The new updates will also change scheduling behavior and readahead behavior of the process which should further improve things.

Slightly tangentially, in my case opening Steam itself doesn’t cause the Resource-devouring-Fossilize processes. In my case, it is only when I launch Borderlands 3, and it only happens roughly 60% of the time, and about half of those times, it takes over my system such that it’s nigh impossible to escape/cancel/skip/shut-down.

In the attached screenshot, you can see that Fossilize processes haven’t entirely taken over my system, this time, but close. I can also confirm that hitting the skip button forces the entire procedure to run in the background, thus rendering the game unplayable for … well sometimes it seems permanent until an entire system reboot.

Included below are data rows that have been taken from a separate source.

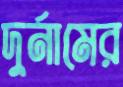
দুর্নামের
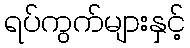
ရပ်ကွက်များနှင့်
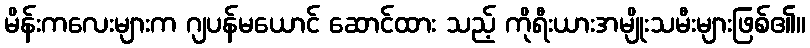
မိန်းကလေးများက ဂျပန်မယောင် ဆောင်ထား သည့် ကိုရီးယားအမျိုးသမီးများဖြစ်၏။
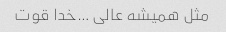
مثل همیشه عالی …خدا قوت

Screenshot from 2020-08-31 21-38-46

Disable vulcan in dota2. ` cd <steamdir>/steamapps/shadercache

find . -type f -print0 | xargs -0 rm `

https://www.reddit.com/r/DotA2/comments/c199kv/dota_2_crashes_on_launch_on_linux_with_shader/erc9r8t?utm_source=share&utm_medium=web2x&context=3

helps me.

Having the same problem too with Path of Exile. I started to skip the processing of shaders before the game launched because it was taking me 2-3 hours to finish (I wanted to play), and I think after that the game started to crash at least once per game session. Now I realize it may have been from lack of RAM, since today I looked at it I had my 16GB full + half of my swap. Needless to say, my computer froze. I don’t remember that happening before I started to skip the shaders processing, but I don’t have the time to test it today. My computer specs:

Arch Linux
Kernel version: 5.7.12-arch1-1
CPU: i5-7500
RAM: 16GB
GPU: Nvidia GTX 1050 Ti

It seems most people in this thread are using mesa, but the problem seems to be the same with Nvidia OpenGL. The version I’m currently running:

OpenGL core profile version string: 4.6.0 NVIDIA 450.57

Fossilize processes don’t terminate even after I close Steam and Path of Exile unless I do it manually. If PoE was crashing due lack of memory, well… that’s rough.

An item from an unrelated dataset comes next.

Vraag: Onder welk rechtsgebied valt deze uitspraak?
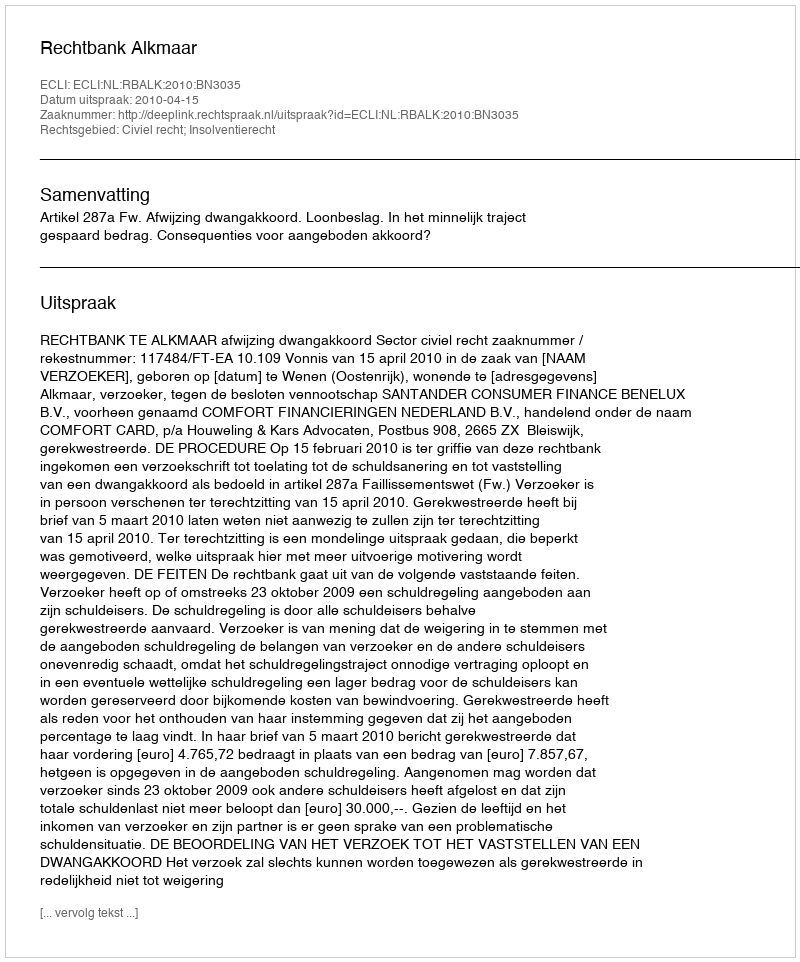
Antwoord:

@Samega7Cattac it’s not a bug, just a really bad overlooked flaw. It should most definitely not render the computer unusable just to get a 5% faster compilation time from using 12 instead of 11 threads. I tend to want to use my computer during this processing step.

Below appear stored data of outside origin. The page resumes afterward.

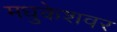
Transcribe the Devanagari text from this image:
मधुकेशवर
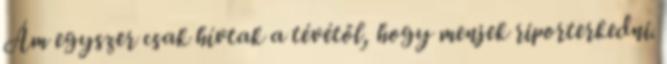
Ám egyszer csak hívtak a tévétől, hogy menjek riporterkedni.
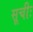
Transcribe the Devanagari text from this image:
सूचीः
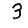
Digit: 3
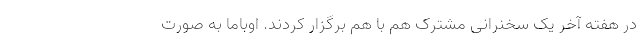
در هفته آخر یک سخنرانی مشترک هم با هم برگزار کردند. اوباما به صورت
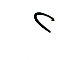
٢
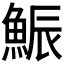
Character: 𩷩
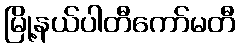
မြို့နယ်ပါတီကော်မတီ
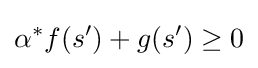
\alpha ^{*}f(s')+g(s')\geq 0
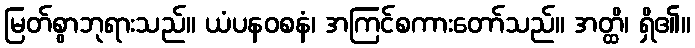
မြတ်စွာဘုရားသည်။ ယံပနဝစနံ၊ အကြင်စကားတော်သည်။ အတ္ထိ၊ ရှိ၏။
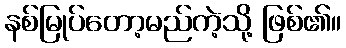
နစ်မြုပ်တော့မည်ကဲ့သို့ ဖြစ်၏။
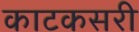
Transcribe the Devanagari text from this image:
काटकसरी
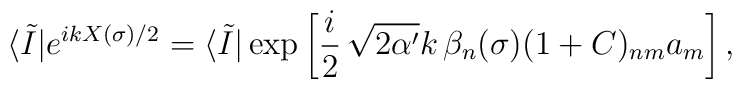
\langle \tilde{I} |e^{i  k X(\sigma)/2}= \langle \tilde{I} | \exp\left[{i \over 2}  \, \sqrt{2 \alpha'} k \, \beta_n(\sigma)(1 + C)_{nm} a_m\right] ,
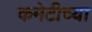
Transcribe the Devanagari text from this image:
कमेटीच्या
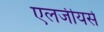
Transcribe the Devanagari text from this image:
एलजीयर्स
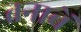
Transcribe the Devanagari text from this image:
तनाबें
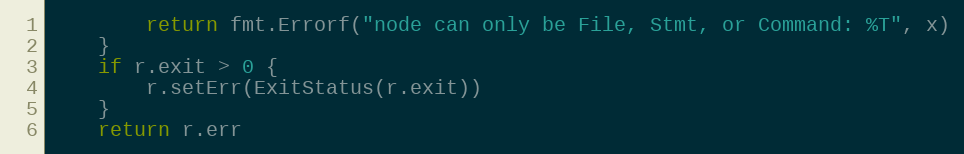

I’m having the same issue but for seemingly completely different reasons. Ram-wise I’m fine, but the processing step maxes out all my 12 threads, not leaving one for other tasks.

This feels like a terrible idea for something that can kick in in the background automatically after game updates…

OS: Void Linux
Kernel: 5.7.13_1
CPU: Ryzen 5 2600X
RAM: 16GB

Maybe this should be a separate issue?